How many digits does a given fraction have in decimal form?

Question

This question came to me when considering implementing my own bignum library (more formally called an arbitrary-precision arithmetic library), while considering memory and cpu optimizations. If one can programmatically determine the number of digits which the result of some operation will have, then they can allocate the required space without having to clean up unused memory after the fact, thus using less overall memory and time. Anyway, my use for the question has little to do with the question itself, so I'll move on.

My question is relatively simple. Given some number $\frac ab$ where $a$ and $b$ are integers, can we determine the number of digits that number will have, or, in the case of repeating decimals, the number of digits after just one period or repetition? And, more useful in my case, can we do this for an arbitrary base/radix, say base $\beta$?

Answer 1

The decimal for a rational number $\frac ab$ ($\gcd(a,b)=1$) is terminating or recurring, and any terminating recurring decimal is equal to a rational number. If $b=2^e\cdot 5^f$, and $\max\{e,f\}=m$, then the decimal terminates after $m$ digits. If $b=2^e\cdot 5^f\cdot B$, where $B>1$, $\gcd(B,10)=1$, and $n$ is the order of $10\pmod B$, then the decimal contains $m$ non-recurring and $n$ recurring digits.

For base $\beta$, write $b=uB$ with $B$ the greates divisor of $b$ prime with $\beta$. Let $m$ be the smallest power of $\beta$ such that $u\mid \beta^m$ and $n$ be the order of $\beta$ modulo $B$. Then the base $\beta$ expansion of $\frac ab$ contains $m$ non-recurring and $n$ recurring digits.

Let $a,b$ be positive integers, $\gcd(a,b)=1$, $\beta$ be a base $\beta\geq 2$.

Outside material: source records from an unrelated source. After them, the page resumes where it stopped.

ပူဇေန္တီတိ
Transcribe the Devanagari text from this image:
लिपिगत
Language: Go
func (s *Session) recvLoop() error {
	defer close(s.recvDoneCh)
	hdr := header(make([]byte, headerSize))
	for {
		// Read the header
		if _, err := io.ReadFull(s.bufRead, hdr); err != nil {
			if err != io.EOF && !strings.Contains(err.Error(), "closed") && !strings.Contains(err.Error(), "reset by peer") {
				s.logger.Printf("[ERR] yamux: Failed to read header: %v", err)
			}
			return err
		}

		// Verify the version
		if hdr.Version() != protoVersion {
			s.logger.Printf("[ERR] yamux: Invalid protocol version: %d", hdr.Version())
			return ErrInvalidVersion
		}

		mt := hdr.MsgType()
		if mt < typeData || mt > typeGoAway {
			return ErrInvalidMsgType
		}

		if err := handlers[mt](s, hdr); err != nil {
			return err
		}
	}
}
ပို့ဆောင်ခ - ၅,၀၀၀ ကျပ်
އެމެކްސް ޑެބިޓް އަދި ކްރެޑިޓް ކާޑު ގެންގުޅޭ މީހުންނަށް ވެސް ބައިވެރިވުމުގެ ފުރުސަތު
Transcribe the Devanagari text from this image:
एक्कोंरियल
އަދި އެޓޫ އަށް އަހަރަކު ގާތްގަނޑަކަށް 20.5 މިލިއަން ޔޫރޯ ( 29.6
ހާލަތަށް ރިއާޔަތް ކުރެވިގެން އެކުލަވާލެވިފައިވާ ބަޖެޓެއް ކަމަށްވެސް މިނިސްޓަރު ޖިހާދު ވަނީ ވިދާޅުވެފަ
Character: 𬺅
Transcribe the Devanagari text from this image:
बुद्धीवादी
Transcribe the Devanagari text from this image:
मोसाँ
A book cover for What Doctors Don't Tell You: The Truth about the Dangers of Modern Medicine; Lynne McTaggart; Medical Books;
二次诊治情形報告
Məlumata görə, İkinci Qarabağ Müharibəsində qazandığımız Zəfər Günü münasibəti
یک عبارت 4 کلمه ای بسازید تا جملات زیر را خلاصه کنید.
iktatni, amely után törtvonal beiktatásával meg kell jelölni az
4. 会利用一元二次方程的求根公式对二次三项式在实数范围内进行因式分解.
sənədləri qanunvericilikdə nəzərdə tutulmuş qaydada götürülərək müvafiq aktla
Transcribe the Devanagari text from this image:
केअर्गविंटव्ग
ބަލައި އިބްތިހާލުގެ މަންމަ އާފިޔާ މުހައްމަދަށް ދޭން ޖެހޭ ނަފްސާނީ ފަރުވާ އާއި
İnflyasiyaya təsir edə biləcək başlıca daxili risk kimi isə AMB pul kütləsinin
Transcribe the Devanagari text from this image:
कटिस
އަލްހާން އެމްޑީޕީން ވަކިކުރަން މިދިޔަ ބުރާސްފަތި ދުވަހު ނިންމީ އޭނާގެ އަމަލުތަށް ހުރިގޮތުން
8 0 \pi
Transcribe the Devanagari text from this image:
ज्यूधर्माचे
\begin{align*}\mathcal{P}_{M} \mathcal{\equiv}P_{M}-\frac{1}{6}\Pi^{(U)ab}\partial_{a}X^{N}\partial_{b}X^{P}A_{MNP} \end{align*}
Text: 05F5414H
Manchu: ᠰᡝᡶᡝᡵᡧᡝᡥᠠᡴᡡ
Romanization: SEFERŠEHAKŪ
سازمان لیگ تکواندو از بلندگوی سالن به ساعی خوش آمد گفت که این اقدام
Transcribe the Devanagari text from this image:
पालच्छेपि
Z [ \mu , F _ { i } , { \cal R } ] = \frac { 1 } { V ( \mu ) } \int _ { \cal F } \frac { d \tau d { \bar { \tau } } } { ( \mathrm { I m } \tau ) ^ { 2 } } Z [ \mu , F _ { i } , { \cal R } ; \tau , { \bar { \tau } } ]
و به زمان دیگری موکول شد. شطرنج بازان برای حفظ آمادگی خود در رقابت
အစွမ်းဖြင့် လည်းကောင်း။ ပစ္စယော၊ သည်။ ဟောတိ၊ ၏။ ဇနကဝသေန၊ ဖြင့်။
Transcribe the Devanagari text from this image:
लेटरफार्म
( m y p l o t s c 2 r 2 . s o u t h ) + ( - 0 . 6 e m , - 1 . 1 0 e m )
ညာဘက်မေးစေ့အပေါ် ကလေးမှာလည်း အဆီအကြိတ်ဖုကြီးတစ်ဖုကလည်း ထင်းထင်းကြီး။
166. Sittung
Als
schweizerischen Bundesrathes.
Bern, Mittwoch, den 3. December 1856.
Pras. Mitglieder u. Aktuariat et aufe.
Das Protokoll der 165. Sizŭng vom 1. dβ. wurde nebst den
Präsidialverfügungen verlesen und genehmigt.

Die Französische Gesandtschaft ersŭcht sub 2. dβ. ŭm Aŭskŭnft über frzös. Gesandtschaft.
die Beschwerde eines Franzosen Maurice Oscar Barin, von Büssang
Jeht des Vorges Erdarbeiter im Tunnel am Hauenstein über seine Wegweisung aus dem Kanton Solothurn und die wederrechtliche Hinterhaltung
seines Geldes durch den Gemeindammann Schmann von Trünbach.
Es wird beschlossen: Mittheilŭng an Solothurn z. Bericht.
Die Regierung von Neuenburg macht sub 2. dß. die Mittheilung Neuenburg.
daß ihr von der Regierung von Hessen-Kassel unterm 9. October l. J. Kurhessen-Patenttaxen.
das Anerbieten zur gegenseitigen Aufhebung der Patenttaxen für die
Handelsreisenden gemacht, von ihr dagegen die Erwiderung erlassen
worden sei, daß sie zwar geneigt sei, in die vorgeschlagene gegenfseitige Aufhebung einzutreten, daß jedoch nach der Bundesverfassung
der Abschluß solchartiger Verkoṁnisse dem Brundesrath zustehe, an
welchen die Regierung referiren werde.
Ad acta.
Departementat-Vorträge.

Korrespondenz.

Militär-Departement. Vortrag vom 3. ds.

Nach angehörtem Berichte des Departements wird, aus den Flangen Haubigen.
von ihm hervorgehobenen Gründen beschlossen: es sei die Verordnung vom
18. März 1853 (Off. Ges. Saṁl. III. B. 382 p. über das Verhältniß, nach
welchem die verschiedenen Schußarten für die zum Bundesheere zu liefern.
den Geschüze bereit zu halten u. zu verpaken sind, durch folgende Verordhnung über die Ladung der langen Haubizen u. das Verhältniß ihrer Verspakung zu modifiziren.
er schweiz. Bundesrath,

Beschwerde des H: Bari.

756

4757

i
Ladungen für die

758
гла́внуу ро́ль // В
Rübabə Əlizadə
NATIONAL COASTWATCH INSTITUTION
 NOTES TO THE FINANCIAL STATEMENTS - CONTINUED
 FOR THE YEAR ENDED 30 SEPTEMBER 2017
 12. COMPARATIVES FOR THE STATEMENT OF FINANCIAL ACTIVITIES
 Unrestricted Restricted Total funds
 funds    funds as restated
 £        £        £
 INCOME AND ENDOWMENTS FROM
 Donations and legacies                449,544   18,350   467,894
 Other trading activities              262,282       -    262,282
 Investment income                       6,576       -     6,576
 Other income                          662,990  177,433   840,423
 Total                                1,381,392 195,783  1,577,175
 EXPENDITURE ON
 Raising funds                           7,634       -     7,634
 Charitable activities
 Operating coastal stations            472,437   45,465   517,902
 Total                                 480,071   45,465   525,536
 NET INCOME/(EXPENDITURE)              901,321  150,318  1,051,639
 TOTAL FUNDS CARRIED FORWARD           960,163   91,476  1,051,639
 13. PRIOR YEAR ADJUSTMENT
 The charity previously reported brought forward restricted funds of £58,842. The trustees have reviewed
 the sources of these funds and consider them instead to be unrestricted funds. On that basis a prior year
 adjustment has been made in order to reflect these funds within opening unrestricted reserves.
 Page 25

If $b$ divides a power of $\beta$, then $\frac ab$ has terminatig $\beta$-expansion. More precilsey, if $\beta^m=ub$ then $$\frac ab=\frac{au}{\beta^m}=q+\frac r{\beta^m}$$ with non-negative integers $r,q$, $r<\beta^m$ and $\frac r{\beta^m}$ has $\beta$-expansion with at most $m$ digits. If $m$ is the small power, then $\frac r{\beta^m}$ has $\beta$-expansion with exactly $m$ digits.

Now let $B>1$ the greatest divisor of $b$ prime with $\beta$ and let $b=uB$. Then $u$ divides a power of $\beta$, say $\beta^m=uv$. Let $n$ be the order of $\beta$ modulo $B$ so that $\beta^n-1=wB$. Then $$\frac ab=\frac{avw}{\beta^m(\beta^n-1)}$$ Consider $$\frac{avw}{\beta^n-1}=q+\frac r{\beta^n-1}$$ with $q,r$ non-negative integers and $r<\beta^n-1$. Then $\frac r{\beta^n-1}$ has recurring $\beta$-expansion with $n$ digits. For $r=\sum_{i=1}^n d_i\beta^{n-i}$ with digits $d_i$ (that's $0\leq d_i<\beta$), hence \begin{align*} \frac r{\beta^n-1} &=\frac 1{\beta^n-1}\sum_{i=1}^n d_i\beta^{n-i}\\ &=\frac 1{1-\beta^{-n}}\sum_{i=1}^n d_i\beta^{-i}\\ &=\sum_{j=0}^{+\infty}\beta^{-jn}\sum_{i=1}^n d_i\beta^{-i}\\ &=\sum_{j=0}^{+\infty}\sum_{i=1}^n d_i\beta^{-i-jn} \end{align*} which gives the required recuring $\beta$-expansion. The division by $\beta^m$ gives $m$ non-reccuring digits, thus proving our assertion.